→ How to complete this task
Only the lines below from the one that holds "Chest X-ray" through the one that holds "Pleural thickening: negative" should appear in the answer, copied exactly, end lines included and pictures omitted.

### Source material ###

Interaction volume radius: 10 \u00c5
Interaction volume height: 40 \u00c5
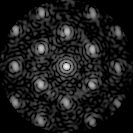
Disorder parameter: 0.33
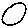
Label: circle
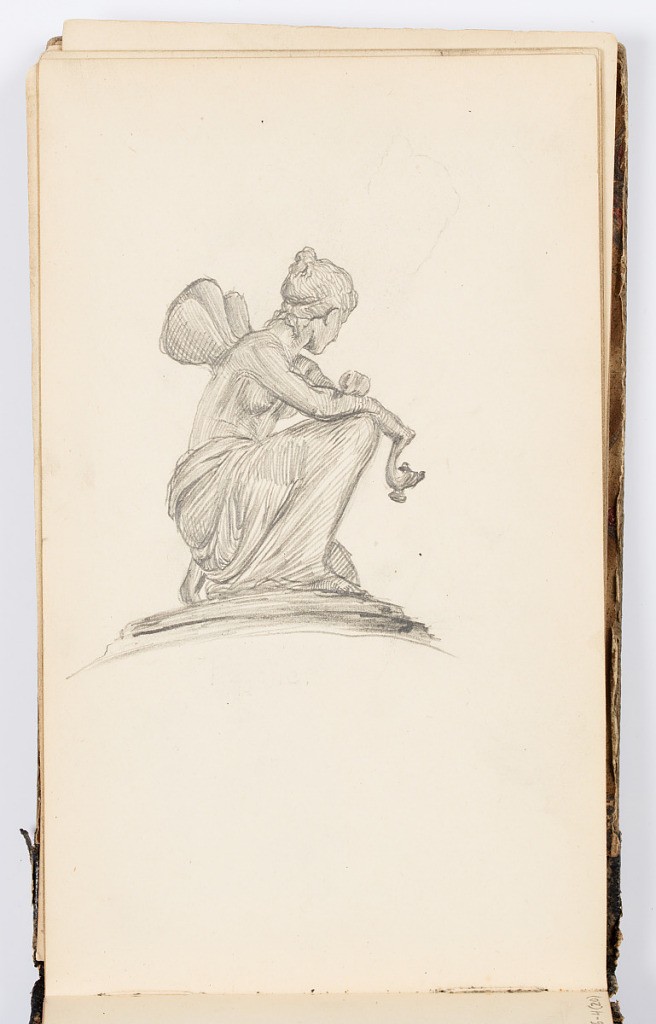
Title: Sketchbook Page
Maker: Kenyon Cox, American, 1856–1919
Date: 1875
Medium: Graphite on paper
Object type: Sketchbook folio
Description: Sketch of a semi-nude sculpture with wings and drapery below waist, kneeling on a pedestal.
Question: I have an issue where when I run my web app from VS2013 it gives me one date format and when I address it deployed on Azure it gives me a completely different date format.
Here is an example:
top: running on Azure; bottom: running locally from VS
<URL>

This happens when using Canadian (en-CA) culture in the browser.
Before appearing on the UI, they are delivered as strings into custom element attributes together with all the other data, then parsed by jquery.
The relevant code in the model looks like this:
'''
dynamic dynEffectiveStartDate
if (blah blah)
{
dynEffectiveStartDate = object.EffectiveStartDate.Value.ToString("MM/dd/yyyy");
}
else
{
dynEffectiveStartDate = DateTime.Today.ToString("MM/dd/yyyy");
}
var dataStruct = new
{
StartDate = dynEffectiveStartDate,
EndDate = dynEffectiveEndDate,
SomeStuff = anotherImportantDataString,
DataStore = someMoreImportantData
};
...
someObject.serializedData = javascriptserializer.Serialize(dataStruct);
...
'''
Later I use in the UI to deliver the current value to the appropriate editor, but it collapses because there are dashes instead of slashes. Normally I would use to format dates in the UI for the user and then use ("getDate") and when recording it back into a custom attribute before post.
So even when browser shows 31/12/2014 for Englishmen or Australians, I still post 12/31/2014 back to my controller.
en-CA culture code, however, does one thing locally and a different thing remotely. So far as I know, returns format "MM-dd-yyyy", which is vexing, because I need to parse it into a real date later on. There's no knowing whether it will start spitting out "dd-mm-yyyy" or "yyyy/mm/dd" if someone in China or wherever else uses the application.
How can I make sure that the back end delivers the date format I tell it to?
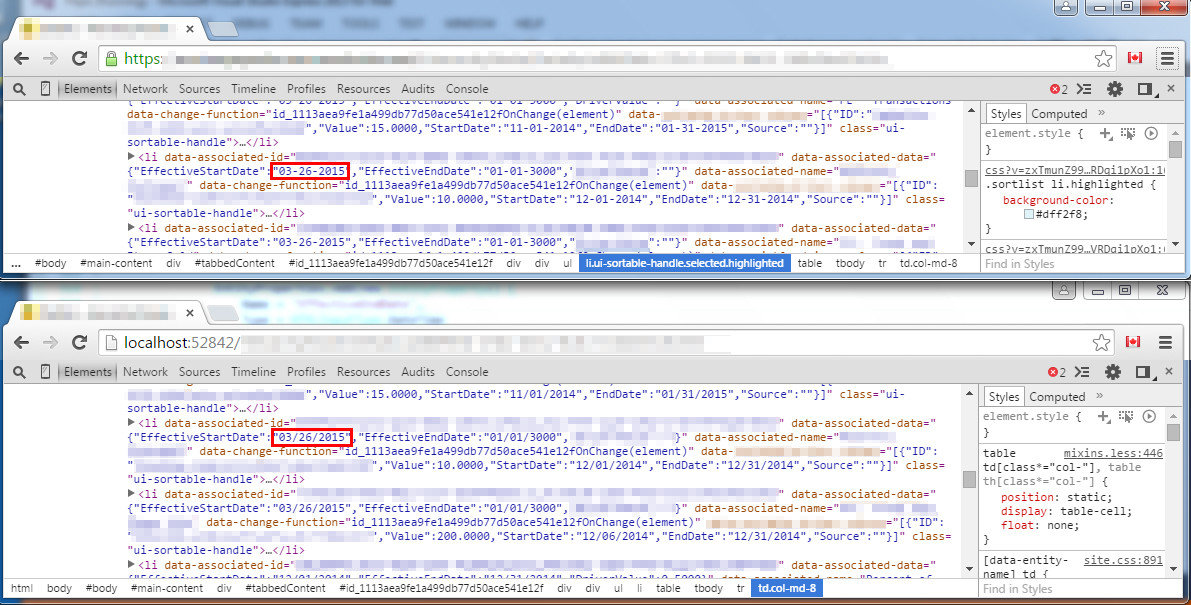
Answer: there are multiple problems here which i can think of
1. 'DateTime.Now' - this will give you different results depending upon where you deploy it to. To overcome this problem save the timezone in some resource file OR static settings inside your code and then use 'DateTime.UtcNow.Add(*/the time zone difference*/)'
2. You should be using the overload of DateTime.ToString(string, culture) <URL>'
3. Using a culture dependent format to send the data to the UI in json. <URL>
4. Sending culture dependent datetime to the UI. Just a suggestion what i do in my projects is that i send UTC time(<URL>
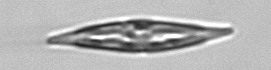
Label: Pleurosigma
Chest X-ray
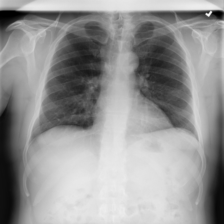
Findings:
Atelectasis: negative
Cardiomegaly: negative
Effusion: negative
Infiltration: positive
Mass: negative
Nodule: negative
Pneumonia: negative
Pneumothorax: negative
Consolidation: negative
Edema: negative
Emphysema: negative
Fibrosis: negative
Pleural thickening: negative
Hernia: negative
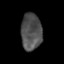
Tissue: skin
Cell type: Others
Senescence score: 0.7816
Nuclear area (px): 750
Mean DAPI intensity: 79.4
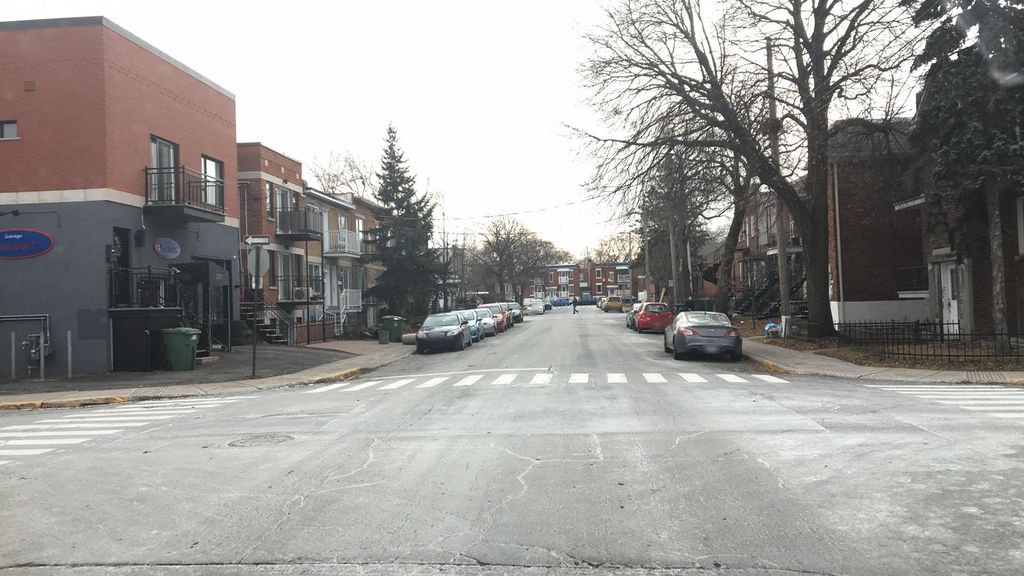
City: montreal
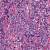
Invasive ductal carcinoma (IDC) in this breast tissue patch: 1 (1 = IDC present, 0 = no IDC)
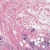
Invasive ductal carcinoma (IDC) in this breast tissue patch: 1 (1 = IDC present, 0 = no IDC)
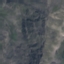
Land use / land cover: HerbaceousVegetation
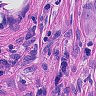
Metastatic tissue present: yes
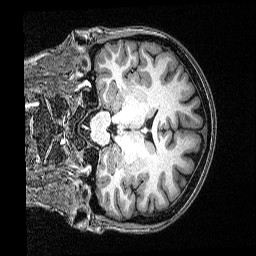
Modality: T1w
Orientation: coronal
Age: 28
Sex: female
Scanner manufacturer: siemens
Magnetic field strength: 3 T
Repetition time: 2.53 s
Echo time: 0.00342 s
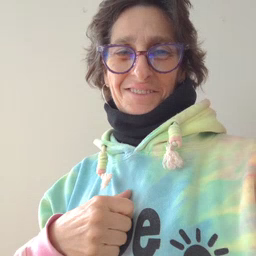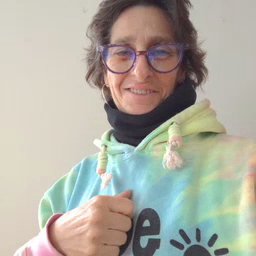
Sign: mitten
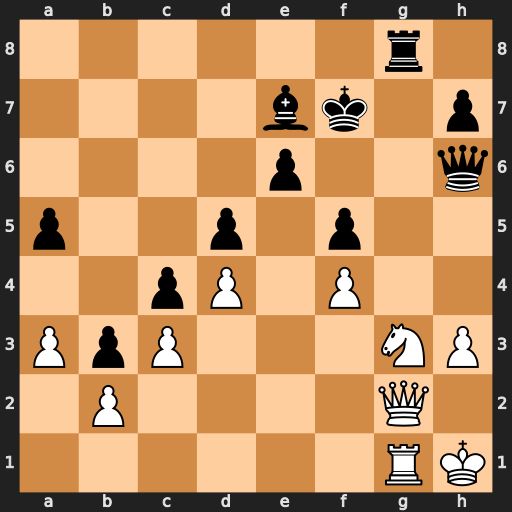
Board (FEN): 6r1/4bk1p/4p2q/p2p1p2/2pP1P2/PpP3NP/1P4Q1/6RK
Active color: w
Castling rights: -
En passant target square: -
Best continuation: Nxf5 Qg6 Nh6+ Qxh6 Qxg8+
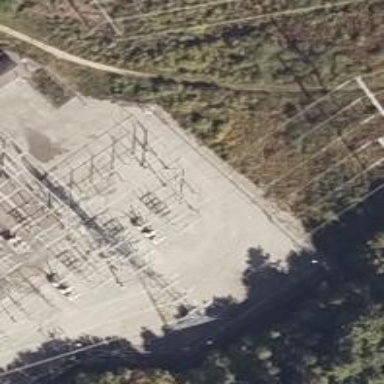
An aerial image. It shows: Switch used for power control.
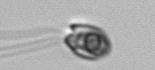
Label: flagellate_morphotype1
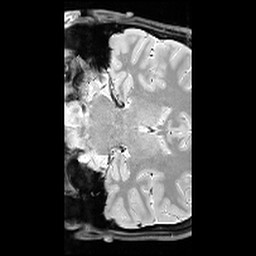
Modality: T1w
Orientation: coronal
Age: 24
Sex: female
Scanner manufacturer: siemens
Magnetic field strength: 3 T
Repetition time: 6.5 s
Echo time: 0.016 s
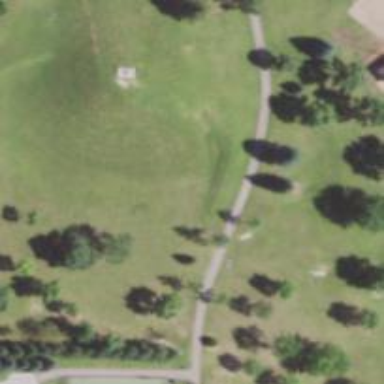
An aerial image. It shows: Disc golf tee.
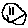
Label: smiley face
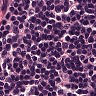
Metastatic tissue present: no
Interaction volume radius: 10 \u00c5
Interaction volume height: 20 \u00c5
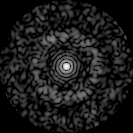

###

→ Solution to the exercise
Chest X-ray
Findings:
Atelectasis: negative
Cardiomegaly: negative
Effusion: negative
Infiltration: positive
Mass: negative
Nodule: negative
Pneumonia: negative
Pneumothorax: negative
Consolidation: negative
Edema: negative
Emphysema: negative
Fibrosis: negative
Pleural thickening: negative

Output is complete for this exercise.